Abstract

In most temperate bacteriophages, regulation of the choice of lysogenic or lytic life cycle is controlled by a CI repressor protein. Inhibition of transcription is dependent on a helix-turn-helix motif, often located in the N-terminal domain (NTD), which binds to specific DNA sequences (operator sites). Here the crystal structure of the NTD of the CI repressor from phage TP901-1 has been determined at 1.6 Å resolution, and at 2.6 Å resolution in complex with a 9 bp double-stranded DNA fragment that constitutes a half-site of the OL operator.
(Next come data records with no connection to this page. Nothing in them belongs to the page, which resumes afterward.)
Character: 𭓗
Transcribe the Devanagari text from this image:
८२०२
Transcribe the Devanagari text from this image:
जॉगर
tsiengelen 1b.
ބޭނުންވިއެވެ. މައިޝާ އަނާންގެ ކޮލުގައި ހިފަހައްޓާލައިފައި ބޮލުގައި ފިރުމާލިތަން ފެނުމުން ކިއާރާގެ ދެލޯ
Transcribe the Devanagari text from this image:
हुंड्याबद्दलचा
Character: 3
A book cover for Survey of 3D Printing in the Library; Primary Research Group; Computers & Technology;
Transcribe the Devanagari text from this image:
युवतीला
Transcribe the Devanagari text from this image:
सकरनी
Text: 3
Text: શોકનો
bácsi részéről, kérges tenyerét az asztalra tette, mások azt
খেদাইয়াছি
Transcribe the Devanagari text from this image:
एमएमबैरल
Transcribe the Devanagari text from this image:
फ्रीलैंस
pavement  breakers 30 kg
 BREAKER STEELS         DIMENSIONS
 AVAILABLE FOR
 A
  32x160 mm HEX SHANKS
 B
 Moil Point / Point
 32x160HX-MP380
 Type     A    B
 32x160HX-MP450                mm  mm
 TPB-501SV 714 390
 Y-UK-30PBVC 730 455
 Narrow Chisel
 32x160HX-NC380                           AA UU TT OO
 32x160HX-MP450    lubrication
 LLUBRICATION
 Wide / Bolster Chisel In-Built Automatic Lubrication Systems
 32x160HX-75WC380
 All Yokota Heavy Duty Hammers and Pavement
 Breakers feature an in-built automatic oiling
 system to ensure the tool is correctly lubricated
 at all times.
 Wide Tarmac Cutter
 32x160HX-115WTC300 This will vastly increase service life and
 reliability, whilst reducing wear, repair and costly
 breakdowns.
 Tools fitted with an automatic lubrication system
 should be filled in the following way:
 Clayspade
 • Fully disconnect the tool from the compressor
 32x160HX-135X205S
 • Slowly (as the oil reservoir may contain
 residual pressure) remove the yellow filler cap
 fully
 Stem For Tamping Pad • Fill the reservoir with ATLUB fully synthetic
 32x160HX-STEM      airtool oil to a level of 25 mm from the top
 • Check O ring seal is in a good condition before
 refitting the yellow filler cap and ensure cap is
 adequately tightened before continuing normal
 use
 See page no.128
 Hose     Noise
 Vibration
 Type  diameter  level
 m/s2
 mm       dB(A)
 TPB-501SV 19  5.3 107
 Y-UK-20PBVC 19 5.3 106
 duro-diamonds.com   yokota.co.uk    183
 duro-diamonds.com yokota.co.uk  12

This N-terminal construct, comprising residues 2-74 of the CI repressor, is monomeric in solution as shown by nuclear magnetic resonance (NMR), small angle X-ray scattering, and gel filtration and is monomeric in the crystal structures. The binding interface between the NTD and the half-site in the crystal is very similar to the interface that can be mapped by NMR in solution with a full palindromic site. The interactions seen in the complexes (in the crystal and in solution) explain the observed affinity for the OR site that is lower than that for the OL site and the specificity for the recognized DNA sequence in comparison to that for other repressors. Compared with many well-studied phage repressor systems, the NTD from TP901-1 CI has a longer extended scaffolding helix that, interestingly, is strongly conserved in putative repressors of Gram-positive pathogens. On the basis of sequence comparisons, we suggest that these bacteria also possess repressor/antirepressor systems similar to that found in phage TP901-1.